> _Directions for this task_: Output the data that follows, keeping every line identical.
* * * * * * *
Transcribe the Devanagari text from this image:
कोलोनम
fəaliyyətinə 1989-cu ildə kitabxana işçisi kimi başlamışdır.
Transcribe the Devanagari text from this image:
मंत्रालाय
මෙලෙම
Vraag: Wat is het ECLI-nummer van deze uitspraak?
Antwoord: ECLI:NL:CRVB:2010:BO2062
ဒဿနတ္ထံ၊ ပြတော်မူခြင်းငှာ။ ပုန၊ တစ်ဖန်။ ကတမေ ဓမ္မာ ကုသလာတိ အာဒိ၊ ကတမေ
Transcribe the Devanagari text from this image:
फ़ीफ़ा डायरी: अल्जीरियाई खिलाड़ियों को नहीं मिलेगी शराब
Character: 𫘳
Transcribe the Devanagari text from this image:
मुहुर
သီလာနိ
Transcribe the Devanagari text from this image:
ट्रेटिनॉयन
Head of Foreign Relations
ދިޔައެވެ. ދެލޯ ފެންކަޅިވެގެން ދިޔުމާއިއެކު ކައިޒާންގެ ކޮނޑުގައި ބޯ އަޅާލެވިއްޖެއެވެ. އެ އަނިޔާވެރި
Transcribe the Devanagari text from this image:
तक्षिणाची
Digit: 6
* * * * * * *
> _Result of this task_:
Transcribe the Devanagari text from this image:
कोलोनम
fəaliyyətinə 1989-cu ildə kitabxana işçisi kimi başlamışdır.
Transcribe the Devanagari text from this image:
मंत्रालाय
මෙලෙම
Vraag: Wat is het ECLI-nummer van deze uitspraak?
Antwoord: ECLI:NL:CRVB:2010:BO2062
ဒဿနတ္ထံ၊ ပြတော်မူခြင်းငှာ။ ပုန၊ တစ်ဖန်။ ကတမေ ဓမ္မာ ကုသလာတိ အာဒိ၊ ကတမေ
Transcribe the Devanagari text from this image:
फ़ीफ़ा डायरी: अल्जीरियाई खिलाड़ियों को नहीं मिलेगी शराब
Character: 𫘳
Transcribe the Devanagari text from this image:
मुहुर
သီလာနိ
Transcribe the Devanagari text from this image:
ट्रेटिनॉयन
Head of Foreign Relations
ދިޔައެވެ. ދެލޯ ފެންކަޅިވެގެން ދިޔުމާއިއެކު ކައިޒާންގެ ކޮނޑުގައި ބޯ އަޅާލެވިއްޖެއެވެ. އެ އަނިޔާވެރި
Transcribe the Devanagari text from this image:
तक्षिणाची
Digit: 6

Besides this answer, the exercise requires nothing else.